Drilling rig day-rates are three times what they were eight years ago. It's a half million a day to operate in deep water GOM, and those wells take several months to drill and complete each. Some of the least expensive places to drill in the US are unavailable due to Environmentalists. And the places that are available on BLM land, cost double because of all the extras that are thrown in to comply with the environmental restrictions. Bottom line it just cost more to drill these days, and there is no shortage of places to drill, just a means to get it done.

It's no bubble folks, best just get use to it. Until the demand drops severely worldwide, just like Red said, it's here to stay, but will never fall out like it did before. We learned our lesson last time, and not over build our Industry. The real estate market should have done the same, however greed will make you do strange things at times.

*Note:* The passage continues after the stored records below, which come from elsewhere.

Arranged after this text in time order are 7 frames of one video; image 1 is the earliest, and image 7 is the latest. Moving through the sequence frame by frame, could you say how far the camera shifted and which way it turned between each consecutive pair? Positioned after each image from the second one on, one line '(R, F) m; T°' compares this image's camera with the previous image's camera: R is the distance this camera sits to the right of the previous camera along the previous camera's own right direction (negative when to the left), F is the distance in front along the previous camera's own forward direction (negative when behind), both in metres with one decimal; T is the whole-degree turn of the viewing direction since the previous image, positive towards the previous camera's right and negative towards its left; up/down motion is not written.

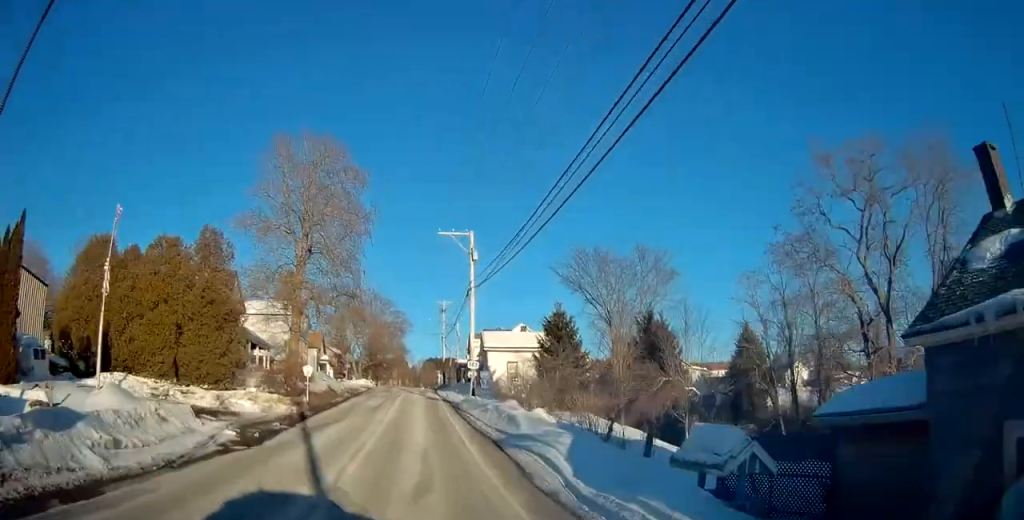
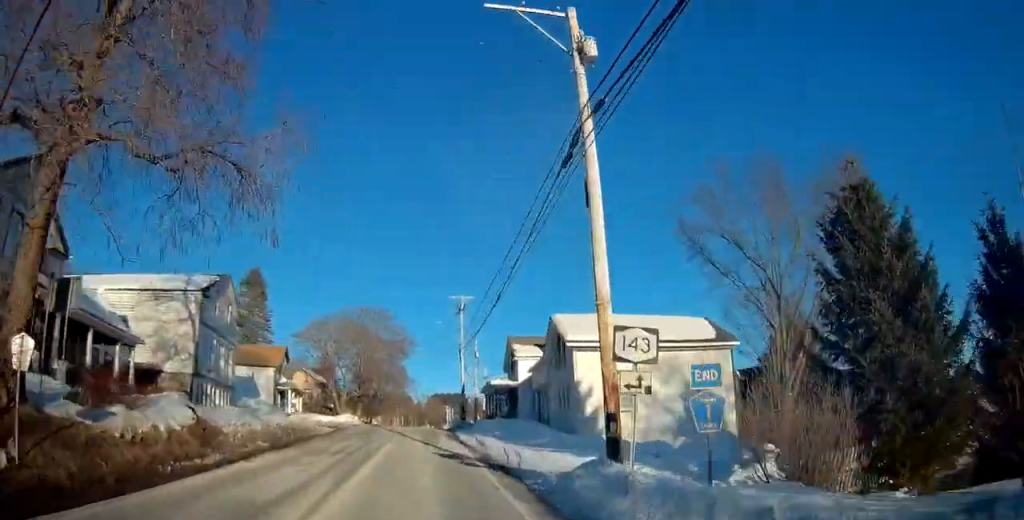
(-0.3, +25.9) m; 0°
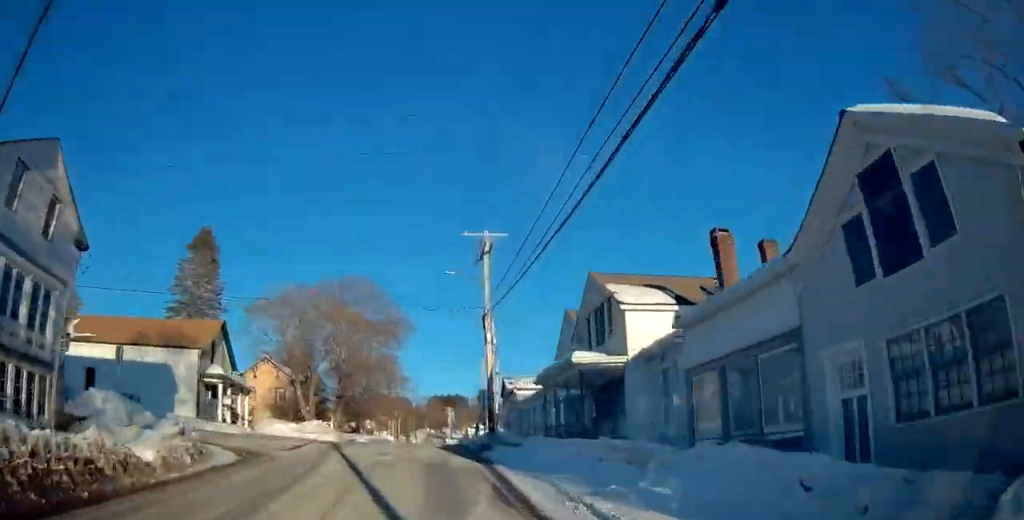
(+0.1, +19.7) m; +1°
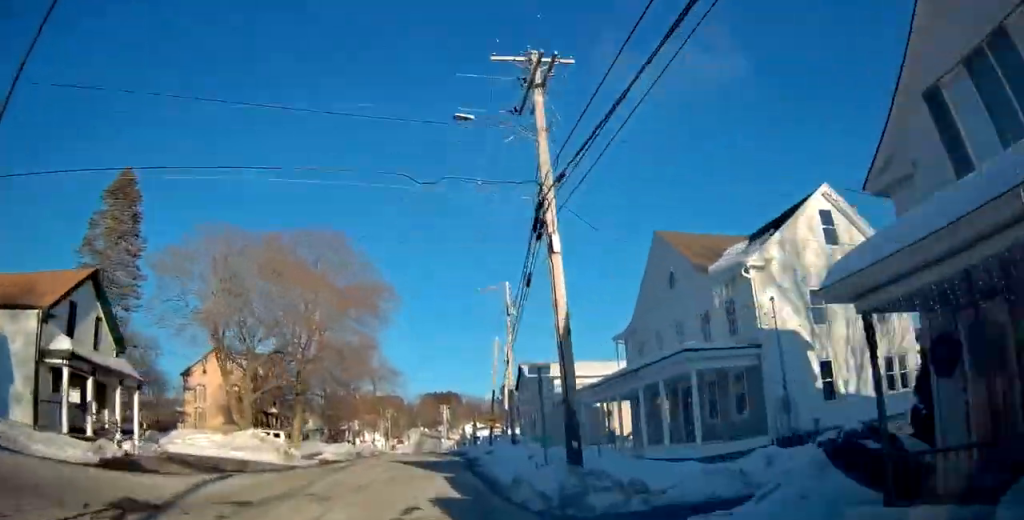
(+0.1, +17.4) m; +1°
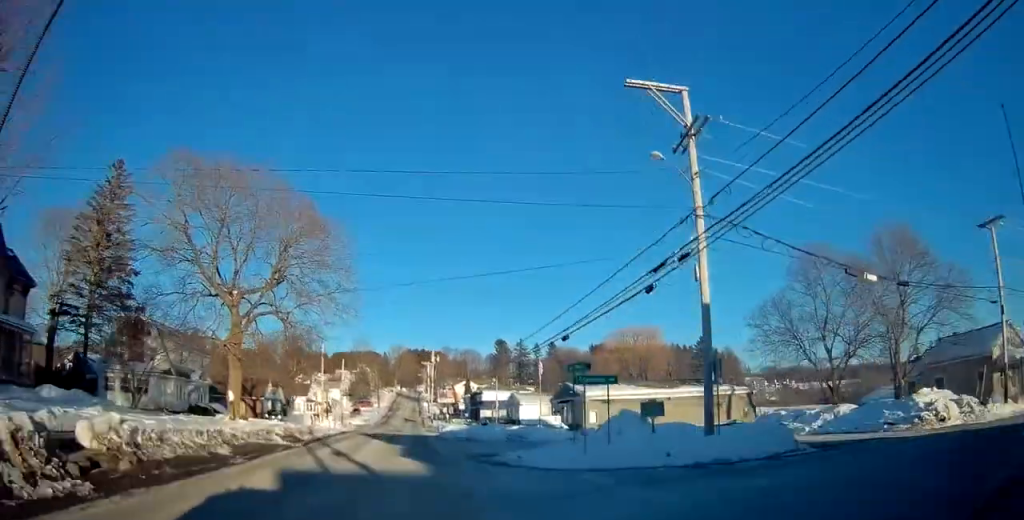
(+0.7, +54.3) m; 0°
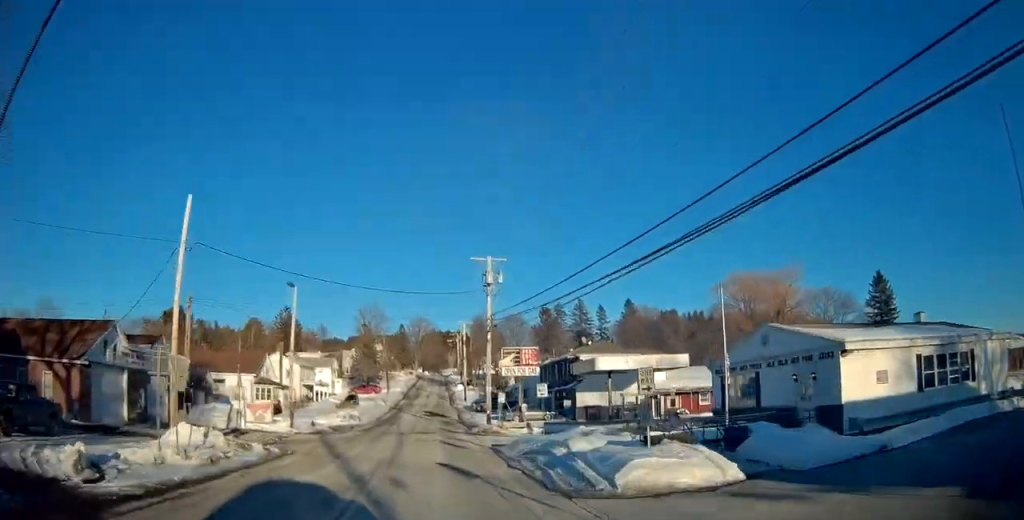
(-0.3, +49.2) m; 0°
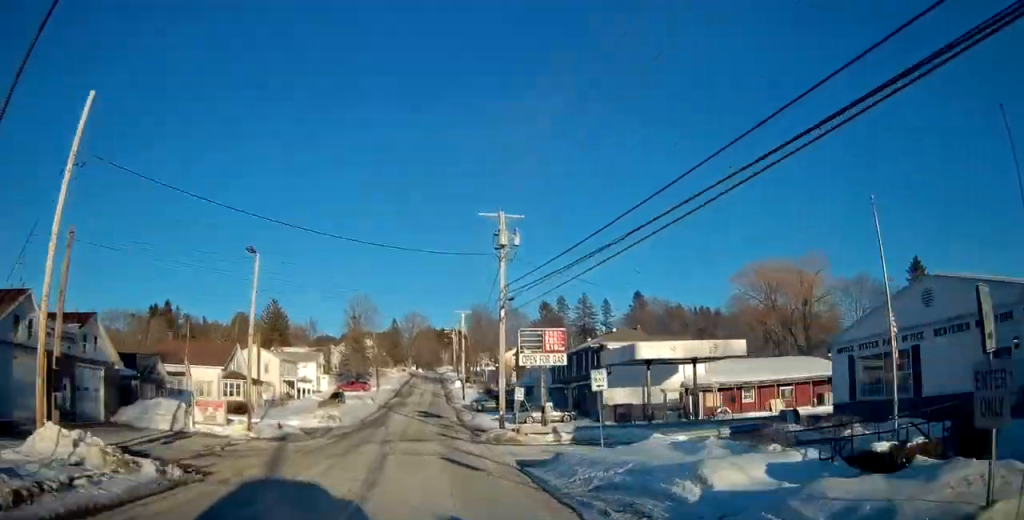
(0.0, +10.0) m; 0°

Actually what you just described is a bubble. I am no expert in drilling for oil, nor will I pretend to be. However, it sounds like there are some significant shortages in the industry, one being pipe. In the long term, people will realize there is money to be made in milling pipe and more pipe will be made at a lower cost. This may take years, but eventually it will happen.

So in time, pipe will not be in shortage. Then there will the next shortage, and in time that will be solved, etc. Again, this all may takes years and years to get back to equilibrium, but it always does.

Unless the shortage is actually the oil, which I am hearing you say is not the problem, the rest of the resource issues can be fixed. Once they are fixed, the market price will fall.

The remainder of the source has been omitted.